The following questions will be answered
- 1: How does generated power change over the day?
- 2: How does generated power change over the day and how does this vary season?
- 3: How does generated power change over the day and how does this vary season by a specific year
- 4: How does generated power change over the day by months

In [None]:
!pip install vaex
!pip install --upgrade vaex
!pip install dash
!pip install rtree 
!pip install pygeos

In [2]:
# Have to restart runtime for this to work
import vaex as vx
import pandas as pd
import numpy as np

import matplotlib.pyplot as plt
import plotly.express as px
import seaborn as sns

from datetime import datetime

# Pre-processing Data

### The Data

The Following datasets were used

- **5min parquet**: Time series data of PV solar generation data. Available: https://huggingface.co/datasets/openclimatefix/uk_pv/tree/main. For information about the data read more here https://huggingface.co/datasets/openclimatefix/uk_pv
- **metadata**: Metadata of the different PV systems. Available: https://huggingface.co/datasets/openclimatefix/uk_pv/tree/main. Read more here https://huggingface.co/datasets/openclimatefix/uk_pv



In [3]:
# Load Datasets
min5= vx.open('/content/5min.parquet')   # 5 min data
metadata_vaex= vx.open('metadata.csv') # Metadata vaex

In [4]:
# Decomposing date
min5['day'],min5['month'],min5['year'] = min5.timestamp.dt.day, min5.timestamp.dt.month,min5.timestamp.dt.year,
min5['hour'],min5['minute'],min5['second'] = min5.timestamp.dt.hour,  min5.timestamp.dt.minute, min5.timestamp.dt.second
# Converting datetime to string for easyer processing 
min5['date'] = min5.year.astype(str)+ '-'+ min5.month.astype(str) + '-' + min5.day.astype(str)
min5['time'] = min5.hour.astype(str)+ ':'+ min5.minute.astype(str) 
min5['year_month_day'] = min5.year.astype(str) + '-' + min5.month.astype(str) + '-' + min5.day.astype(str)
min5['year'] = min5.year.astype(str)

# Functions

1. A function to convert time to datetime object, this will need to be done several times after the dataframes are converted from vaex to pandas. A function allows for this step to be completed efficiently

In [5]:
def time_to_datetime(data):
  'Convertime time to datetime object after data has been converted to pd dataframe'
  timestamp = [datetime.strptime(x, '%H:%M').time() for x in data.time]
  return timestamp

# 1) Time vs. Power Generated 

A plot of the average power generated throughout the day. Power generated is averaged across all years in the dataframe.
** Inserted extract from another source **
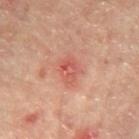Assessment: Recorded during total-body skin imaging; not selected for excision or biopsy. Clinical summary: The lesion is located on the mid back. Imaged with cross-polarized lighting. A lesion tile, about 15 mm wide, cut from a 3D total-body photograph. About 3.5 mm across. A male subject roughly 65 years of age.

Average power generated increases begining at 5:00, peaks at 12:00 noon, and decreases until 20:00.


In [6]:
# -- Grouping Data
time_power_year = min5.groupby(['time']).agg({'generation_wh': 'mean'}).to_pandas_df() 
# --- Convertime time to datetime object
time_power_year['timestamp'] = time_to_datetime(time_power_year)
# --- Sorting timestamp to graph in the correct sequence
time_power_year = time_power_year.sort_values(['timestamp'], ascending=[True])

In [19]:
# Defining figure
fig = px.line(time_power_year, x="timestamp", y="generation_wh", 
              title="Average Power Generated by Time (2018-2021)",
              width=1100,height=600)

# Style
fig.update_layout(autosize=False, showlegend=False)
fig.update_layout({'xaxis': {'tickangle': 45, 'nticks': 24}})

fig.show()

# 2) Time vs. Power Generated by Season

A plot of the average power generated throughout the day across seasons. Power generated is averaged across all years in the dataframe.

In general, energy production over time follows the same trend of steadily increasing during the day, peaking at around noon, then decreasing until nightfall. However, there is some seasonal variation.

- In summer, more energy is produced. The window of energy production is approximately from 4:00 to 21:00, peaking at about 12:20.
- The energy production window shrinks steadily in spring and autumn until winter, where energy production window is at it’s narrowest - starting approximately at 7:55, and lasting approximately until 17:00.
- Interestingly, in spring and autumn energy generation peaks slightly earlier at about 11:45 and 12:10 respectively.


In [8]:
# Prepairing Data
time_power_year_season = min5.groupby(['time','month']).agg({'generation_wh': 'mean'}).to_pandas_df() 

In [9]:
# Creating a column for season
season_dict = {1: 'Winter', 2: 'Winter', 3: 'Spring',  4: 'Spring',
               5: 'Spring', 6: 'Summer', 7: 'Summer', 8: 'Summer',
               9: 'Fall', 10: 'Fall', 11: 'Fall', 12: 'Winter'}

time_power_year_season['Season'] = time_power_year_season['month'].apply(lambda x: season_dict[x])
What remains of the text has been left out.